**WORK INSTRUCTION:**
Copy out the entries that follow, exactly as written.

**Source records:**
__________________________________________________
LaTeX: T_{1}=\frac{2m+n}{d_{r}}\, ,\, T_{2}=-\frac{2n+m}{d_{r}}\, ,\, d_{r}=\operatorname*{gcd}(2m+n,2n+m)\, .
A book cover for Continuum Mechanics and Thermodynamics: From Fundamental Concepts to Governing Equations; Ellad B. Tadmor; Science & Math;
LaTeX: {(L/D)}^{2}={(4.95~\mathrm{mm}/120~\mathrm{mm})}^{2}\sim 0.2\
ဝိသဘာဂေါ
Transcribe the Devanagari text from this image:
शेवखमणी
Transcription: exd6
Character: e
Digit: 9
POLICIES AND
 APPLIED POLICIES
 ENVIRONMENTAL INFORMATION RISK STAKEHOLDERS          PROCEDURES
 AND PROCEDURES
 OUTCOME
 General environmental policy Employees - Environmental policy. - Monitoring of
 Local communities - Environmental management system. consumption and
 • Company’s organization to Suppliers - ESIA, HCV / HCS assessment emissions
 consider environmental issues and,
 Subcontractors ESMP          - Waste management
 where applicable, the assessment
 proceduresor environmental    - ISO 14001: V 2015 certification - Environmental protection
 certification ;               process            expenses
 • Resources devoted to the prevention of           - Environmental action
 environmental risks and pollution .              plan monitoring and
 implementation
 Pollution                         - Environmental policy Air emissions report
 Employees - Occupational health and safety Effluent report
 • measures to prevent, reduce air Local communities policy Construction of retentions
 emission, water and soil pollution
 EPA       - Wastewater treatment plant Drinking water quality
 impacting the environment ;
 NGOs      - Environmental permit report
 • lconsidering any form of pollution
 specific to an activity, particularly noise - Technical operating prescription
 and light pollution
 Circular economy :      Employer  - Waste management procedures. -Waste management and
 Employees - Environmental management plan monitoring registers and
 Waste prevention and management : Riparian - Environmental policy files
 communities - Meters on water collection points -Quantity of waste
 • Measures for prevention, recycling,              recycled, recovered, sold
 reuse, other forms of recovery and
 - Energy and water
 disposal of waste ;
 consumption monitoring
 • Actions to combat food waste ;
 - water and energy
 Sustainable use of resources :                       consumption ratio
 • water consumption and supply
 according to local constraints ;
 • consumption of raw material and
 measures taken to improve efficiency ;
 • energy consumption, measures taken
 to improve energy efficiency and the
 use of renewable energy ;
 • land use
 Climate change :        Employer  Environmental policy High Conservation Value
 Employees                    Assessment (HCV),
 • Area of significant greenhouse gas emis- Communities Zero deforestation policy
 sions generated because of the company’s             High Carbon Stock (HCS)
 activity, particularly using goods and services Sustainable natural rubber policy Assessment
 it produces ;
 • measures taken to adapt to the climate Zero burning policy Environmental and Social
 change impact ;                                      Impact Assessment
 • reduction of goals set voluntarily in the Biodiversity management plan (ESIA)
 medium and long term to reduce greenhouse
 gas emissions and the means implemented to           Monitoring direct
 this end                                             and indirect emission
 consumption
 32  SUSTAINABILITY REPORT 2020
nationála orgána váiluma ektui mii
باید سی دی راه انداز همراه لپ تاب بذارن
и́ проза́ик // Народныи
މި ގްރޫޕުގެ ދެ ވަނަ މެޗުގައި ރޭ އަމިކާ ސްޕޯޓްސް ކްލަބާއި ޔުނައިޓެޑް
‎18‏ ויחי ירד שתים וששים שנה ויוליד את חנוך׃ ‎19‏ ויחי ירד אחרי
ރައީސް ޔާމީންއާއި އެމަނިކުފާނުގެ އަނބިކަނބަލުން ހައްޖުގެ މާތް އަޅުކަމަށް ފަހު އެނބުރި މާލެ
__________________________________________________
**ANSWER TO THIS TASK:**
LaTeX: T_{1}=\frac{2m+n}{d_{r}}\, ,\, T_{2}=-\frac{2n+m}{d_{r}}\, ,\, d_{r}=\operatorname*{gcd}(2m+n,2n+m)\, .
A book cover for Continuum Mechanics and Thermodynamics: From Fundamental Concepts to Governing Equations; Ellad B. Tadmor; Science & Math;
LaTeX: {(L/D)}^{2}={(4.95~\mathrm{mm}/120~\mathrm{mm})}^{2}\sim 0.2\
ဝိသဘာဂေါ
Transcribe the Devanagari text from this image:
शेवखमणी
Transcription: exd6
Character: e
Digit: 9
POLICIES AND
 APPLIED POLICIES
 ENVIRONMENTAL INFORMATION RISK STAKEHOLDERS          PROCEDURES
 AND PROCEDURES
 OUTCOME
 General environmental policy Employees - Environmental policy. - Monitoring of
 Local communities - Environmental management system. consumption and
 • Company’s organization to Suppliers - ESIA, HCV / HCS assessment emissions
 consider environmental issues and,
 Subcontractors ESMP          - Waste management
 where applicable, the assessment
 proceduresor environmental    - ISO 14001: V 2015 certification - Environmental protection
 certification ;               process            expenses
 • Resources devoted to the prevention of           - Environmental action
 environmental risks and pollution .              plan monitoring and
 implementation
 Pollution                         - Environmental policy Air emissions report
 Employees - Occupational health and safety Effluent report
 • measures to prevent, reduce air Local communities policy Construction of retentions
 emission, water and soil pollution
 EPA       - Wastewater treatment plant Drinking water quality
 impacting the environment ;
 NGOs      - Environmental permit report
 • lconsidering any form of pollution
 specific to an activity, particularly noise - Technical operating prescription
 and light pollution
 Circular economy :      Employer  - Waste management procedures. -Waste management and
 Employees - Environmental management plan monitoring registers and
 Waste prevention and management : Riparian - Environmental policy files
 communities - Meters on water collection points -Quantity of waste
 • Measures for prevention, recycling,              recycled, recovered, sold
 reuse, other forms of recovery and
 - Energy and water
 disposal of waste ;
 consumption monitoring
 • Actions to combat food waste ;
 - water and energy
 Sustainable use of resources :                       consumption ratio
 • water consumption and supply
 according to local constraints ;
 • consumption of raw material and
 measures taken to improve efficiency ;
 • energy consumption, measures taken
 to improve energy efficiency and the
 use of renewable energy ;
 • land use
 Climate change :        Employer  Environmental policy High Conservation Value
 Employees                    Assessment (HCV),
 • Area of significant greenhouse gas emis- Communities Zero deforestation policy
 sions generated because of the company’s             High Carbon Stock (HCS)
 activity, particularly using goods and services Sustainable natural rubber policy Assessment
 it produces ;
 • measures taken to adapt to the climate Zero burning policy Environmental and Social
 change impact ;                                      Impact Assessment
 • reduction of goals set voluntarily in the Biodiversity management plan (ESIA)
 medium and long term to reduce greenhouse
 gas emissions and the means implemented to           Monitoring direct
 this end                                             and indirect emission
 consumption
 32  SUSTAINABILITY REPORT 2020
nationála orgána váiluma ektui mii
باید سی دی راه انداز همراه لپ تاب بذارن
и́ проза́ик // Народныи
މި ގްރޫޕުގެ ދެ ވަނަ މެޗުގައި ރޭ އަމިކާ ސްޕޯޓްސް ކްލަބާއި ޔުނައިޓެޑް
‎18‏ ויחי ירד שתים וששים שנה ויוליד את חנוך׃ ‎19‏ ויחי ירד אחרי
ރައީސް ޔާމީންއާއި އެމަނިކުފާނުގެ އަނބިކަނބަލުން ހައްޖުގެ މާތް އަޅުކަމަށް ފަހު އެނބުރި މާލެ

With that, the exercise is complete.